[Opening EXERCISE INPUT section]
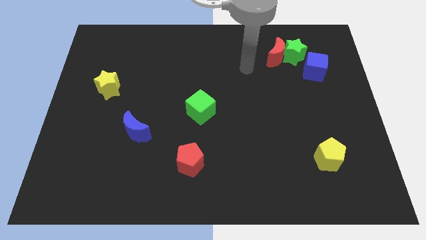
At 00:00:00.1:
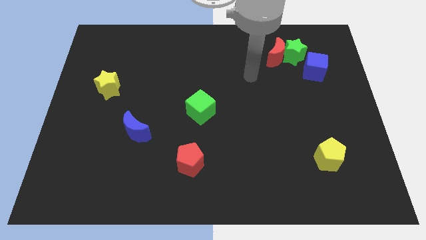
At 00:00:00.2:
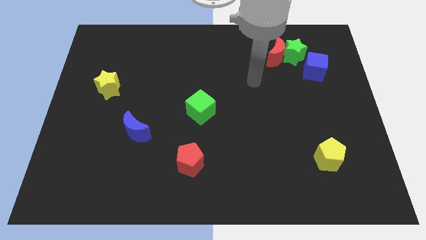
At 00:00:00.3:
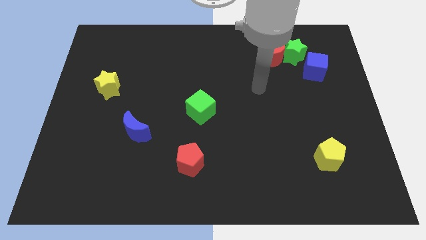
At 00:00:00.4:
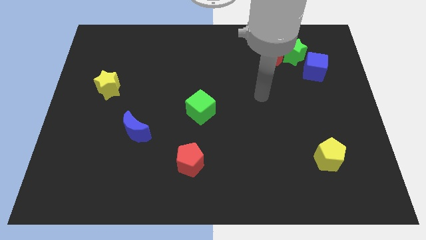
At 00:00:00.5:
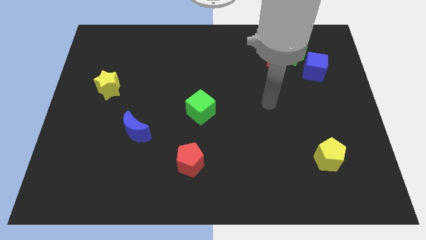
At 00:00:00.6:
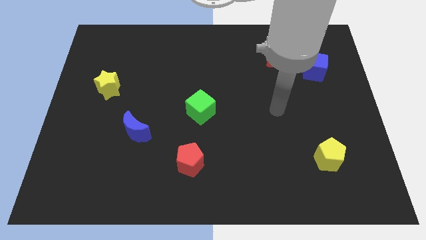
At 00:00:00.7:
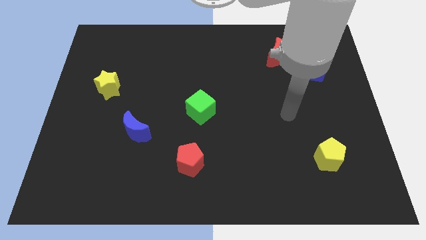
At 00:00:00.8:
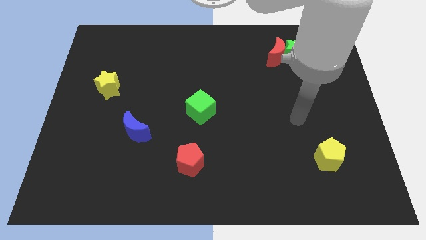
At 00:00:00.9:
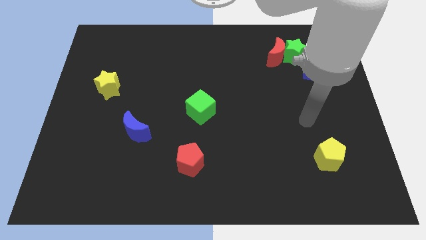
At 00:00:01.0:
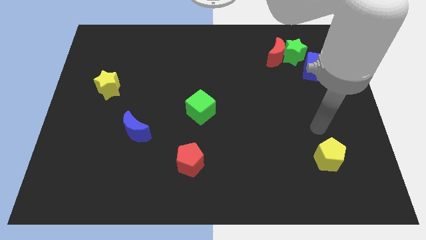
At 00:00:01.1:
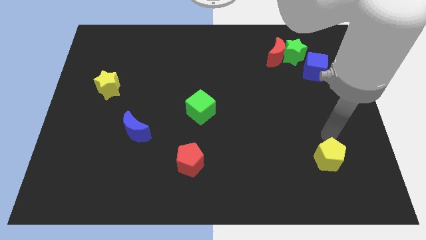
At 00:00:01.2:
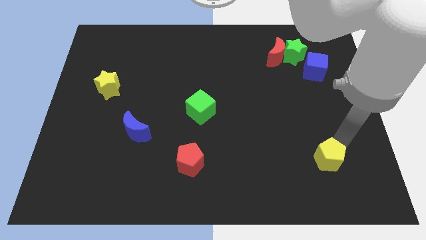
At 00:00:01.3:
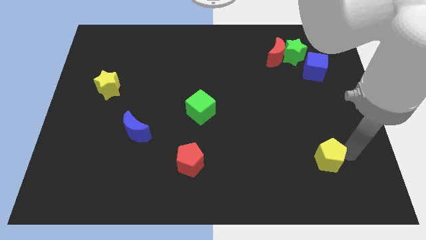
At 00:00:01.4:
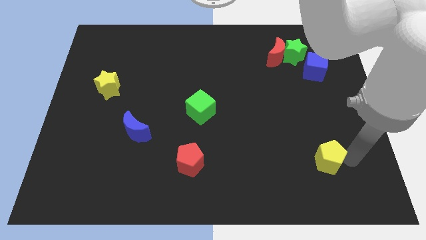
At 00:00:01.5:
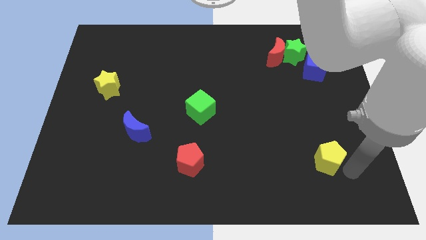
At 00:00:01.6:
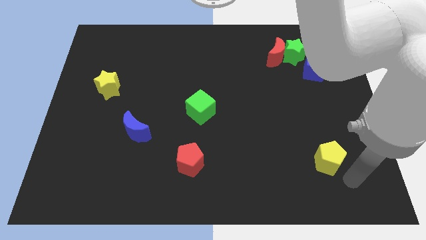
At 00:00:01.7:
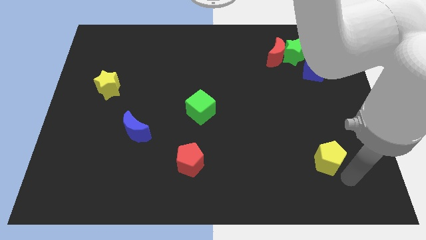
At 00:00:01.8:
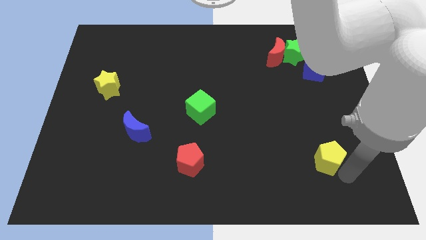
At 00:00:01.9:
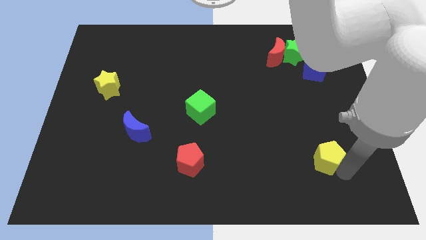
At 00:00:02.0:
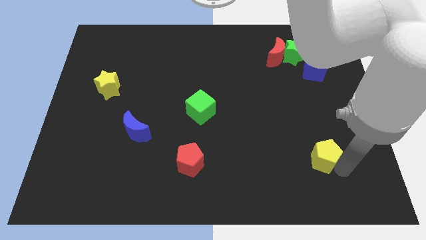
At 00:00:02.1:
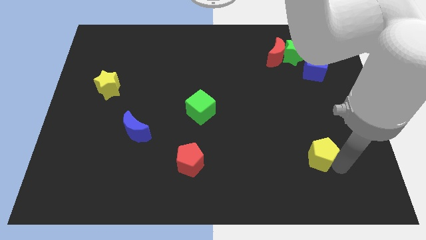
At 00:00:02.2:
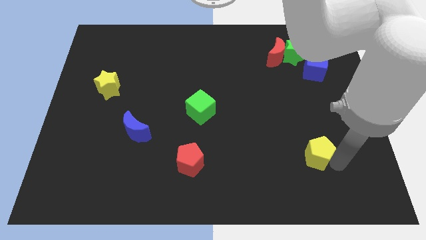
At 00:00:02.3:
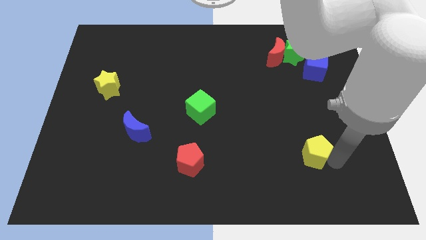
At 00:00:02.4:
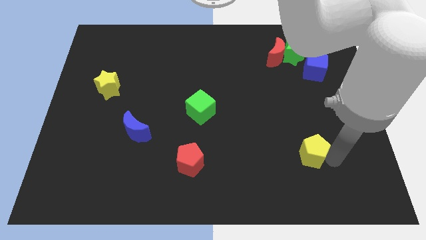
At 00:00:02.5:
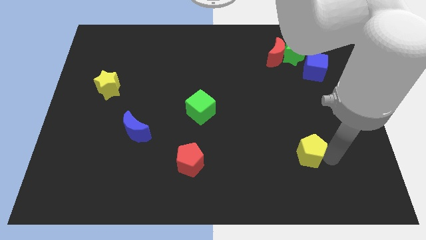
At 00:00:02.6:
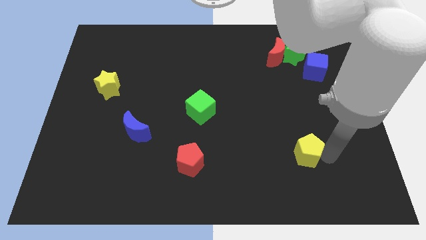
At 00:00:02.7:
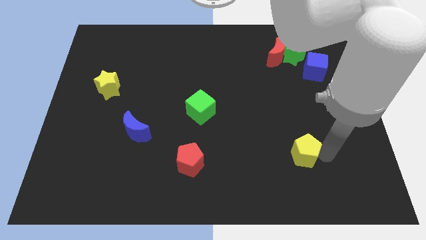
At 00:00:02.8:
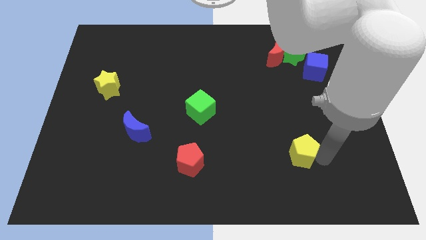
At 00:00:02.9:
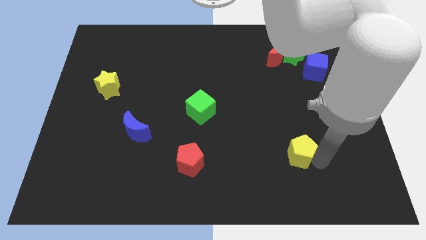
[Closing EXERCISE INPUT section]
GOAL OF THE EXERCISE: Once more, give the listing above exactly, leaving each picture out.

PROBLEM SOLUTION:
At 00:00:00.1:
At 00:00:00.2:
At 00:00:00.3:
At 00:00:00.4:
At 00:00:00.5:
At 00:00:00.6:
At 00:00:00.7:
At 00:00:00.8:
At 00:00:00.9:
At 00:00:01.0:
At 00:00:01.1:
At 00:00:01.2:
At 00:00:01.3:
At 00:00:01.4:
At 00:00:01.5:
At 00:00:01.6:
At 00:00:01.7:
At 00:00:01.8:
At 00:00:01.9:
At 00:00:02.0:
At 00:00:02.1:
At 00:00:02.2:
At 00:00:02.3:
At 00:00:02.4:
At 00:00:02.5:
At 00:00:02.6:
At 00:00:02.7:
At 00:00:02.8:
At 00:00:02.9:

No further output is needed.